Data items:
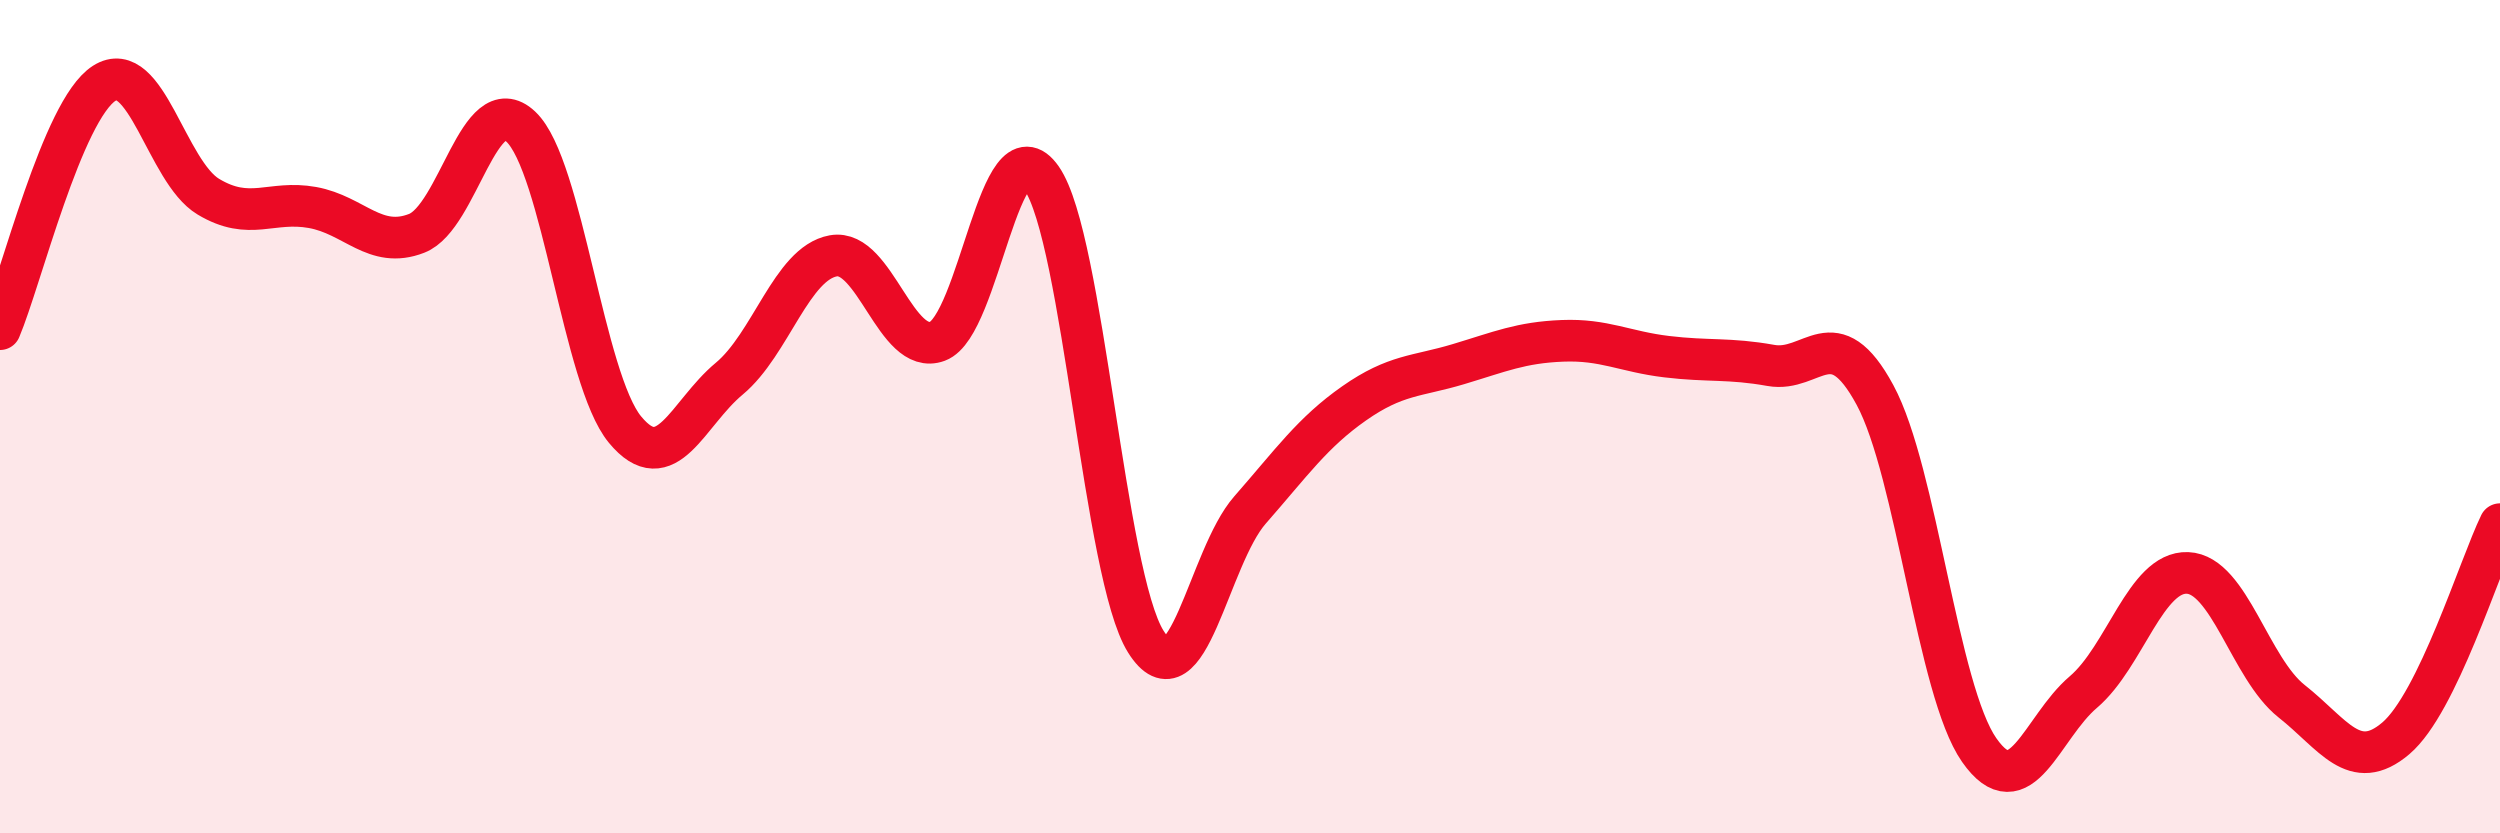 
    <svg width="60" height="20" viewBox="0 0 60 20" xmlns="http://www.w3.org/2000/svg">
      <path
        d="M 0,7.9 C 0.5,6.72 1.5,2.64 2.5,2 C 3.5,1.36 4,4.12 5,4.72 C 6,5.32 6.5,4.8 7.5,4.98 C 8.5,5.16 9,5.99 10,5.6 C 11,5.21 11.5,2.1 12.5,3.04 C 13.5,3.98 14,9.1 15,10.31 C 16,11.52 16.5,9.92 17.5,9.09 C 18.5,8.26 19,6.32 20,6.14 C 21,5.96 21.5,8.56 22.5,8.19 C 23.5,7.82 24,2.84 25,4.28 C 26,5.72 26.5,13.81 27.5,15.4 C 28.5,16.99 29,13.38 30,12.24 C 31,11.1 31.5,10.38 32.5,9.68 C 33.5,8.98 34,9.04 35,8.74 C 36,8.44 36.5,8.22 37.5,8.18 C 38.5,8.14 39,8.44 40,8.56 C 41,8.68 41.5,8.59 42.5,8.77 C 43.5,8.95 44,7.63 45,9.48 C 46,11.33 46.5,16.57 47.5,18 C 48.5,19.43 49,17.46 50,16.61 C 51,15.76 51.5,13.71 52.5,13.75 C 53.5,13.79 54,16.04 55,16.83 C 56,17.62 56.5,18.57 57.5,17.72 C 58.5,16.87 59.5,13.61 60,12.58L60 20L0 20Z"
        fill="#EB0A25"
        opacity="0.1"
        stroke-linecap="round"
        stroke-linejoin="round"
      />
      <path
        d="M 0,7.9 C 0.5,6.72 1.5,2.64 2.5,2 C 3.5,1.36 4,4.12 5,4.72 C 6,5.32 6.5,4.8 7.5,4.98 C 8.5,5.16 9,5.99 10,5.6 C 11,5.21 11.5,2.1 12.5,3.04 C 13.5,3.98 14,9.1 15,10.31 C 16,11.52 16.5,9.92 17.5,9.09 C 18.5,8.26 19,6.32 20,6.14 C 21,5.96 21.5,8.56 22.5,8.19 C 23.5,7.82 24,2.84 25,4.28 C 26,5.72 26.5,13.81 27.5,15.4 C 28.5,16.99 29,13.38 30,12.24 C 31,11.1 31.5,10.38 32.5,9.68 C 33.5,8.98 34,9.04 35,8.74 C 36,8.44 36.5,8.22 37.5,8.18 C 38.5,8.14 39,8.44 40,8.56 C 41,8.68 41.5,8.59 42.5,8.77 C 43.5,8.95 44,7.63 45,9.48 C 46,11.33 46.5,16.57 47.5,18 C 48.5,19.43 49,17.46 50,16.61 C 51,15.76 51.5,13.71 52.5,13.75 C 53.5,13.79 54,16.04 55,16.83 C 56,17.62 56.5,18.57 57.5,17.72 C 58.5,16.87 59.5,13.61 60,12.58"
        stroke="#EB0A25"
        stroke-width="1"
        fill="none"
        stroke-linecap="round"
        stroke-linejoin="round"
      />
    </svg>

_EXERCISE DIRECTIONS_: Where an entry contains an image, skip the image and write out the rest exactly.

_ANSWER BELOW_:
    <svg width="60" height="20" viewBox="0 0 60 20" xmlns="http://www.w3.org/2000/svg">
      <path
        d="M 0,7.9 C 0.5,6.72 1.5,2.64 2.5,2 C 3.5,1.36 4,4.12 5,4.72 C 6,5.32 6.5,4.8 7.5,4.98 C 8.5,5.16 9,5.99 10,5.6 C 11,5.21 11.5,2.1 12.5,3.04 C 13.5,3.98 14,9.1 15,10.31 C 16,11.52 16.5,9.92 17.5,9.09 C 18.5,8.26 19,6.32 20,6.14 C 21,5.96 21.5,8.56 22.5,8.19 C 23.5,7.82 24,2.84 25,4.28 C 26,5.72 26.5,13.81 27.5,15.4 C 28.5,16.99 29,13.38 30,12.24 C 31,11.1 31.5,10.38 32.5,9.68 C 33.5,8.98 34,9.04 35,8.74 C 36,8.44 36.5,8.22 37.5,8.18 C 38.5,8.14 39,8.44 40,8.56 C 41,8.68 41.5,8.59 42.5,8.77 C 43.5,8.95 44,7.63 45,9.48 C 46,11.33 46.5,16.57 47.5,18 C 48.5,19.43 49,17.46 50,16.61 C 51,15.76 51.5,13.71 52.5,13.75 C 53.5,13.79 54,16.04 55,16.83 C 56,17.62 56.5,18.57 57.5,17.72 C 58.5,16.87 59.5,13.61 60,12.58L60 20L0 20Z"
        fill="#EB0A25"
        opacity="0.1"
        stroke-linecap="round"
        stroke-linejoin="round"
      />
      <path
        d="M 0,7.9 C 0.5,6.72 1.5,2.64 2.5,2 C 3.5,1.36 4,4.12 5,4.72 C 6,5.32 6.5,4.8 7.5,4.98 C 8.5,5.16 9,5.99 10,5.6 C 11,5.21 11.5,2.1 12.5,3.04 C 13.5,3.98 14,9.1 15,10.31 C 16,11.52 16.5,9.92 17.5,9.09 C 18.5,8.26 19,6.32 20,6.14 C 21,5.96 21.5,8.56 22.5,8.19 C 23.5,7.82 24,2.84 25,4.28 C 26,5.72 26.5,13.81 27.5,15.4 C 28.5,16.99 29,13.38 30,12.24 C 31,11.1 31.5,10.38 32.5,9.68 C 33.5,8.98 34,9.04 35,8.74 C 36,8.44 36.5,8.22 37.5,8.18 C 38.5,8.14 39,8.44 40,8.56 C 41,8.68 41.5,8.59 42.5,8.77 C 43.5,8.95 44,7.63 45,9.48 C 46,11.33 46.5,16.57 47.5,18 C 48.5,19.43 49,17.46 50,16.61 C 51,15.76 51.5,13.71 52.5,13.75 C 53.5,13.79 54,16.04 55,16.83 C 56,17.62 56.5,18.57 57.5,17.72 C 58.5,16.87 59.5,13.61 60,12.58"
        stroke="#EB0A25"
        stroke-width="1"
        fill="none"
        stroke-linecap="round"
        stroke-linejoin="round"
      />
    </svg>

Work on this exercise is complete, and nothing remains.